Stored dataset items:

==================================================

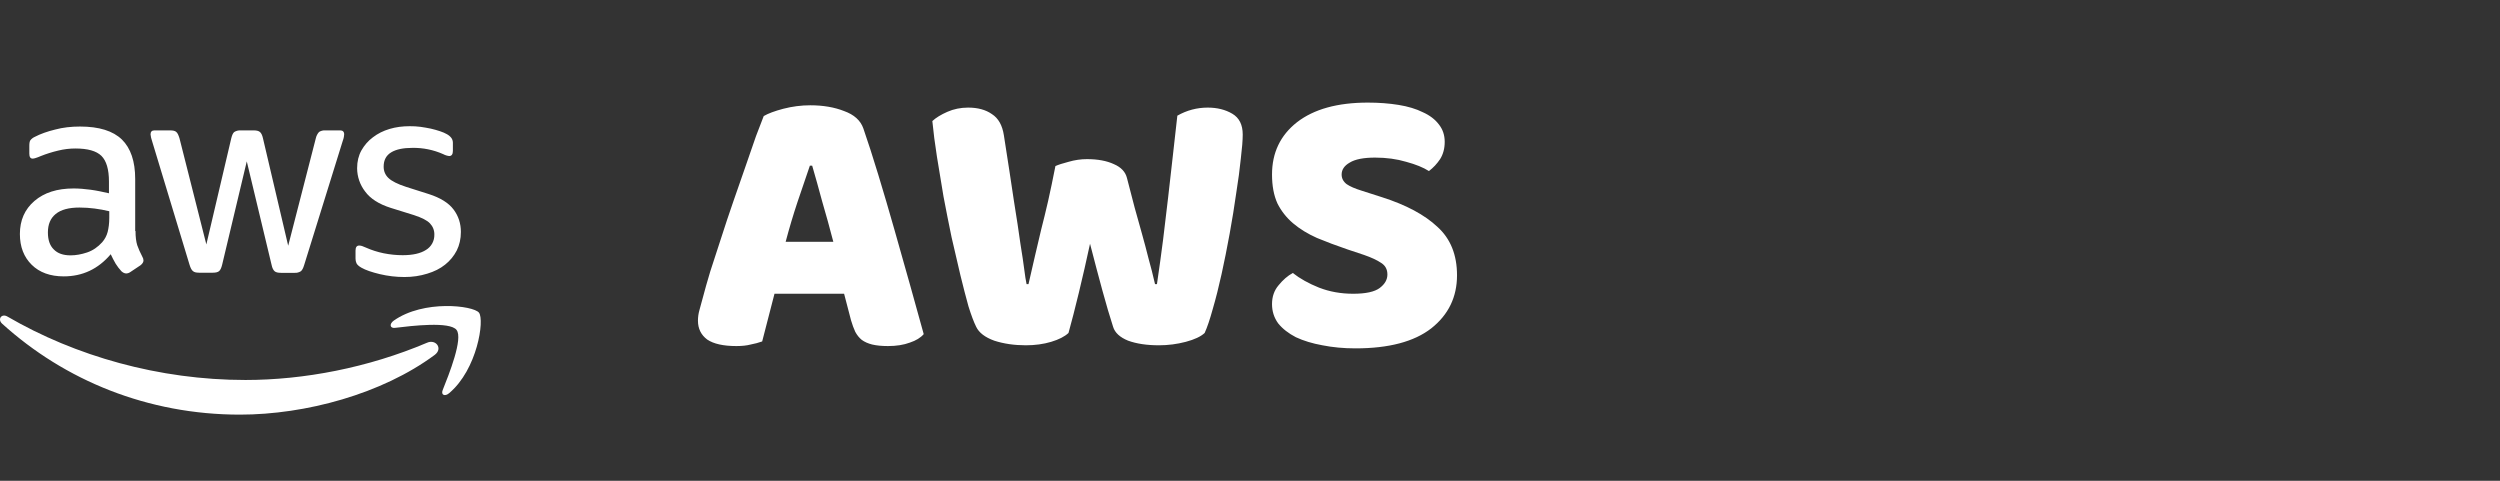 <svg width="156" height="30" viewBox="0 0 156 30" fill="none" xmlns="http://www.w3.org/2000/svg">
<rect x="0" y="0" width="156" height="30" fill="#333333" stroke="none"/>
<path d="M47.656 7.242C47.928 7.082 48.336 6.93 48.88 6.786C49.44 6.642 50 6.57 50.56 6.57C51.36 6.57 52.064 6.69 52.672 6.93C53.296 7.154 53.696 7.514 53.872 8.01C54.16 8.842 54.472 9.81 54.808 10.914C55.144 12.018 55.48 13.162 55.816 14.346C56.152 15.514 56.48 16.674 56.8 17.826C57.12 18.962 57.4 19.97 57.64 20.85C57.448 21.074 57.16 21.25 56.776 21.378C56.392 21.522 55.936 21.594 55.408 21.594C55.024 21.594 54.696 21.562 54.424 21.498C54.168 21.434 53.952 21.338 53.776 21.21C53.616 21.082 53.48 20.914 53.368 20.706C53.272 20.498 53.184 20.258 53.104 19.986L52.672 18.33H48.328C48.2 18.81 48.072 19.306 47.944 19.818C47.816 20.33 47.688 20.826 47.56 21.306C47.336 21.386 47.096 21.45 46.84 21.498C46.6 21.562 46.304 21.594 45.952 21.594C45.136 21.594 44.528 21.458 44.128 21.186C43.744 20.898 43.552 20.506 43.552 20.01C43.552 19.786 43.584 19.562 43.648 19.338C43.712 19.114 43.784 18.85 43.864 18.546C43.976 18.114 44.128 17.578 44.32 16.938C44.528 16.298 44.752 15.61 44.992 14.874C45.232 14.122 45.488 13.354 45.76 12.57C46.032 11.786 46.288 11.05 46.528 10.362C46.768 9.658 46.984 9.034 47.176 8.49C47.384 7.946 47.544 7.53 47.656 7.242ZM50.536 10.338C50.312 11.01 50.056 11.762 49.768 12.594C49.496 13.41 49.248 14.242 49.024 15.09H52C51.776 14.226 51.544 13.386 51.304 12.57C51.08 11.738 50.872 10.994 50.68 10.338H50.536ZM65.858 10.362C66.034 10.282 66.306 10.194 66.674 10.098C67.058 9.986 67.442 9.93 67.826 9.93C68.498 9.93 69.058 10.034 69.506 10.242C69.954 10.434 70.226 10.722 70.322 11.106C70.498 11.762 70.658 12.378 70.802 12.954C70.962 13.514 71.114 14.058 71.258 14.586C71.402 15.098 71.538 15.61 71.666 16.122C71.81 16.634 71.946 17.17 72.074 17.73H72.194C72.338 16.754 72.466 15.826 72.578 14.946C72.69 14.05 72.794 13.178 72.89 12.33C72.986 11.466 73.082 10.618 73.178 9.786C73.274 8.938 73.37 8.082 73.466 7.218C74.058 6.882 74.69 6.714 75.362 6.714C75.954 6.714 76.466 6.842 76.898 7.098C77.33 7.354 77.546 7.786 77.546 8.394C77.546 8.746 77.506 9.25 77.426 9.906C77.362 10.546 77.266 11.266 77.138 12.066C77.026 12.866 76.89 13.706 76.73 14.586C76.57 15.466 76.402 16.306 76.226 17.106C76.05 17.906 75.866 18.634 75.674 19.29C75.498 19.93 75.33 20.426 75.17 20.778C74.93 21.002 74.538 21.186 73.994 21.33C73.45 21.474 72.89 21.546 72.314 21.546C71.562 21.546 70.922 21.45 70.394 21.258C69.882 21.05 69.57 20.762 69.458 20.394C69.25 19.754 69.026 18.994 68.786 18.114C68.546 17.234 68.29 16.266 68.018 15.21C67.794 16.25 67.562 17.266 67.322 18.258C67.082 19.25 66.866 20.09 66.674 20.778C66.434 21.002 66.074 21.186 65.594 21.33C65.114 21.474 64.586 21.546 64.01 21.546C63.29 21.546 62.634 21.45 62.042 21.258C61.466 21.05 61.09 20.762 60.914 20.394C60.77 20.106 60.61 19.682 60.434 19.122C60.274 18.546 60.106 17.898 59.93 17.178C59.754 16.442 59.57 15.65 59.378 14.802C59.202 13.954 59.034 13.106 58.874 12.258C58.73 11.41 58.594 10.586 58.466 9.786C58.338 8.97 58.242 8.226 58.178 7.554C58.402 7.346 58.714 7.154 59.114 6.978C59.514 6.802 59.946 6.714 60.41 6.714C61.018 6.714 61.514 6.85 61.898 7.122C62.298 7.378 62.546 7.818 62.642 8.442C62.898 10.074 63.106 11.434 63.266 12.522C63.442 13.61 63.578 14.506 63.674 15.21C63.786 15.898 63.866 16.434 63.914 16.818C63.962 17.202 64.01 17.506 64.058 17.73H64.178C64.322 17.09 64.458 16.498 64.586 15.954C64.714 15.41 64.842 14.866 64.97 14.322C65.114 13.762 65.258 13.17 65.402 12.546C65.546 11.906 65.698 11.178 65.858 10.362ZM84.102 15.57C83.398 15.33 82.758 15.09 82.182 14.85C81.606 14.594 81.11 14.29 80.694 13.938C80.278 13.586 79.95 13.17 79.71 12.69C79.486 12.194 79.374 11.594 79.374 10.89C79.374 9.53 79.894 8.442 80.934 7.626C81.99 6.81 83.462 6.402 85.35 6.402C86.038 6.402 86.678 6.45 87.27 6.546C87.862 6.642 88.366 6.794 88.782 7.002C89.214 7.194 89.55 7.45 89.79 7.77C90.03 8.074 90.15 8.434 90.15 8.85C90.15 9.266 90.054 9.626 89.862 9.93C89.67 10.218 89.438 10.466 89.166 10.674C88.814 10.45 88.342 10.258 87.75 10.098C87.158 9.922 86.51 9.834 85.806 9.834C85.086 9.834 84.558 9.938 84.222 10.146C83.886 10.338 83.718 10.586 83.718 10.89C83.718 11.13 83.822 11.33 84.03 11.49C84.238 11.634 84.55 11.77 84.966 11.898L86.238 12.306C87.742 12.786 88.894 13.402 89.694 14.154C90.51 14.89 90.918 15.898 90.918 17.178C90.918 18.538 90.382 19.642 89.31 20.49C88.238 21.322 86.662 21.738 84.582 21.738C83.846 21.738 83.158 21.674 82.518 21.546C81.894 21.434 81.342 21.266 80.862 21.042C80.398 20.802 80.03 20.514 79.758 20.178C79.502 19.826 79.374 19.426 79.374 18.978C79.374 18.514 79.51 18.122 79.782 17.802C80.054 17.466 80.35 17.21 80.67 17.034C81.118 17.386 81.662 17.69 82.302 17.946C82.958 18.202 83.67 18.33 84.438 18.33C85.222 18.33 85.774 18.21 86.094 17.97C86.414 17.73 86.574 17.45 86.574 17.13C86.574 16.81 86.446 16.57 86.19 16.41C85.934 16.234 85.574 16.066 85.11 15.906L84.102 15.57Z" fill="white"/>
<path d="M8.456 14.413C8.456 14.783 8.494 15.082 8.565 15.304C8.644 15.523 8.745 15.763 8.884 16.024C8.928 16.093 8.952 16.172 8.953 16.254C8.953 16.354 8.893 16.455 8.766 16.554L8.136 16.974C8.06 17.029 7.97 17.06 7.877 17.064C7.776 17.064 7.676 17.016 7.577 16.926C7.442 16.781 7.322 16.623 7.217 16.455C7.106 16.263 7.003 16.066 6.909 15.864C6.129 16.785 5.152 17.246 3.975 17.246C3.137 17.246 2.467 17.004 1.98 16.524C1.491 16.044 1.241 15.403 1.241 14.602C1.241 13.751 1.541 13.061 2.149 12.54C2.758 12.019 3.566 11.76 4.594 11.76C4.931 11.76 5.282 11.79 5.651 11.839C6.021 11.889 6.401 11.97 6.799 12.06V11.329C6.799 10.568 6.639 10.037 6.33 9.727C6.011 9.416 5.471 9.266 4.702 9.266C4.354 9.266 3.996 9.307 3.626 9.398C3.259 9.485 2.899 9.598 2.548 9.737C2.435 9.788 2.318 9.832 2.199 9.868C2.148 9.885 2.094 9.895 2.04 9.898C1.899 9.898 1.83 9.797 1.83 9.587V9.096C1.83 8.936 1.849 8.814 1.899 8.747C1.975 8.655 2.071 8.582 2.181 8.535C2.527 8.355 2.947 8.205 3.437 8.085C3.924 7.954 4.444 7.896 4.993 7.896C6.18 7.896 7.048 8.166 7.607 8.706C8.156 9.246 8.436 10.067 8.436 11.169V14.413H8.454H8.456ZM4.404 15.934C4.732 15.934 5.072 15.874 5.432 15.754C5.792 15.634 6.111 15.412 6.379 15.113C6.539 14.928 6.656 14.71 6.718 14.473C6.778 14.231 6.819 13.943 6.819 13.601V13.181C6.516 13.108 6.21 13.052 5.901 13.012C5.59 12.972 5.277 12.952 4.963 12.951C4.294 12.951 3.806 13.082 3.476 13.352C3.146 13.622 2.989 14.002 2.989 14.503C2.989 14.972 3.107 15.322 3.356 15.564C3.596 15.814 3.945 15.934 4.404 15.934ZM12.416 17.016C12.236 17.016 12.116 16.986 12.037 16.914C11.957 16.854 11.887 16.716 11.828 16.524L9.484 8.786C9.438 8.656 9.408 8.522 9.394 8.385C9.394 8.226 9.472 8.136 9.632 8.136H10.611C10.798 8.136 10.929 8.166 10.999 8.235C11.079 8.295 11.139 8.436 11.199 8.625L12.876 15.253L14.432 8.625C14.481 8.426 14.541 8.295 14.621 8.235C14.741 8.162 14.88 8.127 15.021 8.136H15.819C16.007 8.136 16.138 8.166 16.217 8.235C16.297 8.295 16.367 8.436 16.408 8.625L17.983 15.334L19.708 8.625C19.74 8.48 19.809 8.345 19.909 8.235C20.025 8.161 20.162 8.127 20.299 8.136H21.227C21.386 8.136 21.476 8.216 21.476 8.385C21.476 8.436 21.465 8.486 21.457 8.546C21.441 8.631 21.417 8.715 21.386 8.796L18.981 16.534C18.922 16.734 18.851 16.866 18.773 16.926C18.659 16.998 18.526 17.033 18.392 17.025H17.535C17.346 17.025 17.216 16.995 17.136 16.926C17.055 16.854 16.986 16.725 16.946 16.524L15.399 10.069L13.862 16.517C13.813 16.718 13.753 16.847 13.674 16.916C13.594 16.988 13.453 17.017 13.275 17.017H12.416V17.016ZM25.238 17.286C24.72 17.286 24.204 17.226 23.7 17.106C23.201 16.986 22.813 16.854 22.552 16.704C22.393 16.614 22.284 16.515 22.243 16.423C22.205 16.335 22.185 16.24 22.185 16.144V15.634C22.185 15.424 22.264 15.322 22.414 15.322C22.475 15.323 22.536 15.333 22.594 15.352C22.654 15.373 22.744 15.412 22.843 15.454C23.181 15.604 23.552 15.724 23.94 15.804C24.339 15.883 24.727 15.924 25.127 15.924C25.757 15.924 26.244 15.814 26.584 15.594C26.747 15.496 26.881 15.355 26.972 15.188C27.063 15.021 27.108 14.832 27.103 14.642C27.107 14.513 27.084 14.385 27.038 14.265C26.992 14.145 26.922 14.036 26.833 13.943C26.655 13.751 26.316 13.581 25.826 13.421L24.379 12.971C23.651 12.741 23.111 12.399 22.783 11.949C22.462 11.534 22.287 11.024 22.284 10.498C22.284 10.078 22.374 9.707 22.552 9.386C22.733 9.068 22.973 8.786 23.273 8.565C23.573 8.336 23.91 8.166 24.309 8.046C24.709 7.926 25.127 7.875 25.566 7.875C25.787 7.875 26.016 7.884 26.235 7.914C26.464 7.944 26.674 7.986 26.884 8.027C27.082 8.076 27.274 8.124 27.452 8.186C27.632 8.246 27.771 8.306 27.872 8.366C27.989 8.425 28.092 8.511 28.172 8.616C28.236 8.713 28.267 8.829 28.26 8.946V9.416C28.26 9.626 28.181 9.737 28.031 9.737C27.898 9.722 27.77 9.681 27.652 9.617C27.049 9.35 26.396 9.217 25.736 9.227C25.168 9.227 24.718 9.317 24.409 9.508C24.099 9.696 23.94 9.988 23.94 10.399C23.94 10.678 24.039 10.918 24.24 11.109C24.439 11.299 24.808 11.488 25.337 11.659L26.754 12.109C27.473 12.339 27.992 12.66 28.301 13.071C28.611 13.481 28.759 13.952 28.759 14.473C28.759 14.904 28.671 15.293 28.5 15.634C28.323 15.976 28.075 16.277 27.773 16.515C27.463 16.764 27.094 16.946 26.664 17.076C26.214 17.216 25.746 17.286 25.238 17.286Z" fill="white"/>
<path fill-rule="evenodd" clip-rule="evenodd" d="M27.122 22.149C23.84 24.581 19.07 25.873 14.97 25.873C9.223 25.873 4.044 23.741 0.133 20.198C-0.176 19.916 0.103 19.536 0.47 19.757C4.702 22.219 9.92 23.711 15.32 23.711C18.96 23.711 22.961 22.95 26.644 21.388C27.193 21.139 27.662 21.748 27.122 22.149Z" fill="white"/>
<path fill-rule="evenodd" clip-rule="evenodd" d="M28.489 20.587C28.071 20.049 25.716 20.329 24.649 20.458C24.33 20.499 24.279 20.218 24.568 20.008C26.443 18.686 29.527 19.067 29.886 19.508C30.246 19.957 29.786 23.051 28.029 24.532C27.761 24.763 27.503 24.645 27.622 24.345C28.02 23.351 28.909 21.12 28.489 20.589V20.587Z" fill="white"/>
</svg>

==================================================

• **WHAT TO DO**
Filter on the word "evenodd": copy each matching line from the entries above.

• **TASK RESULT**
<path fill-rule="evenodd" clip-rule="evenodd" d="M27.122 22.149C23.84 24.581 19.07 25.873 14.97 25.873C9.223 25.873 4.044 23.741 0.133 20.198C-0.176 19.916 0.103 19.536 0.47 19.757C4.702 22.219 9.92 23.711 15.32 23.711C18.96 23.711 22.961 22.95 26.644 21.388C27.193 21.139 27.662 21.748 27.122 22.149Z" fill="white"/>
<path fill-rule="evenodd" clip-rule="evenodd" d="M28.489 20.587C28.071 20.049 25.716 20.329 24.649 20.458C24.33 20.499 24.279 20.218 24.568 20.008C26.443 18.686 29.527 19.067 29.886 19.508C30.246 19.957 29.786 23.051 28.029 24.532C27.761 24.763 27.503 24.645 27.622 24.345C28.02 23.351 28.909 21.12 28.489 20.589V20.587Z" fill="white"/>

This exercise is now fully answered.